Personal information
- Full name: Peter Michael Heasty Robinson
- Born: 14 October 1929 Port of Spain, Trinidad and Tobago
- Died: 23 March 2023 (aged 93)
- Batting: Right-handed
- Bowling: Right-arm off break Right-arm medium
- Relations: Jonathan Robinson (son)

Career statistics
| Competition | First-class |
| Matches | 1 |
| Runs scored | 19 |
| Batting average | 9.50 |
| 100s/50s | 0/0 |
| Top score | 12 |
| Balls bowled | 72 |
| Wickets | 0 |
| Bowling average | – |
| 5 wickets in innings | – |
| 10 wickets in match | – |
| Best bowling | – |
| Catches/stumpings | 0/– |
- Source: Cricinfo, 24 June 2019

= Peter Robinson (cricketer, born 1929) =

Trinidadian-born English cricketer

Peter Michael Heasty Robinson (14 October 1929 – 23 March 2023) was a Trinidadian-born English first-class cricketer.

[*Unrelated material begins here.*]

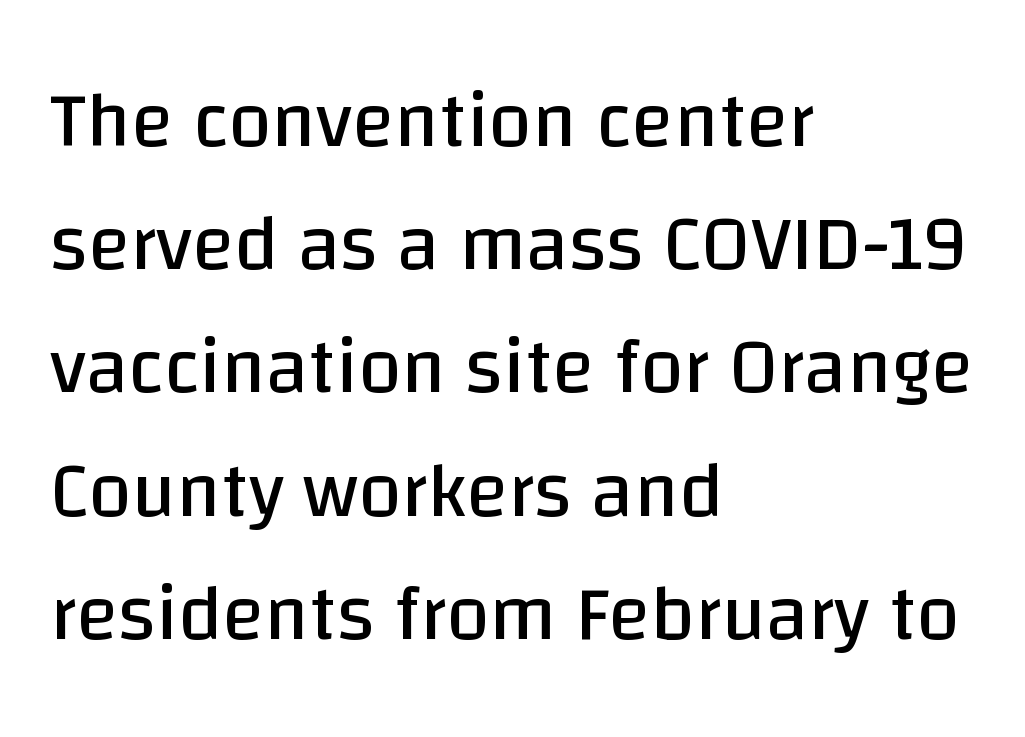
{"serif": "no", "italic": "no", "bold": "no", "weight": "regular", "width": "normal", "stroke_contrast": "low", "x_height": "large", "monospaced": "no", "underline": "no", "align": "left", "line_spacing": "normal", "line_spacing_ratio": 1.58, "letter_spacing": "normal", "letter_spacing_em": 0.0, "glyph_px": 78}

Robinson was born at Port of Spain and educated in England at Lancing College and at Magdalene College, Cambridge. An all-rounder, he played a single first-class cricket match for L. C. Stevens' XI against Cambridge University at Eastbourne in 1961. His son, Jonathan, played first-class cricket for Surrey from 1988 to 1992.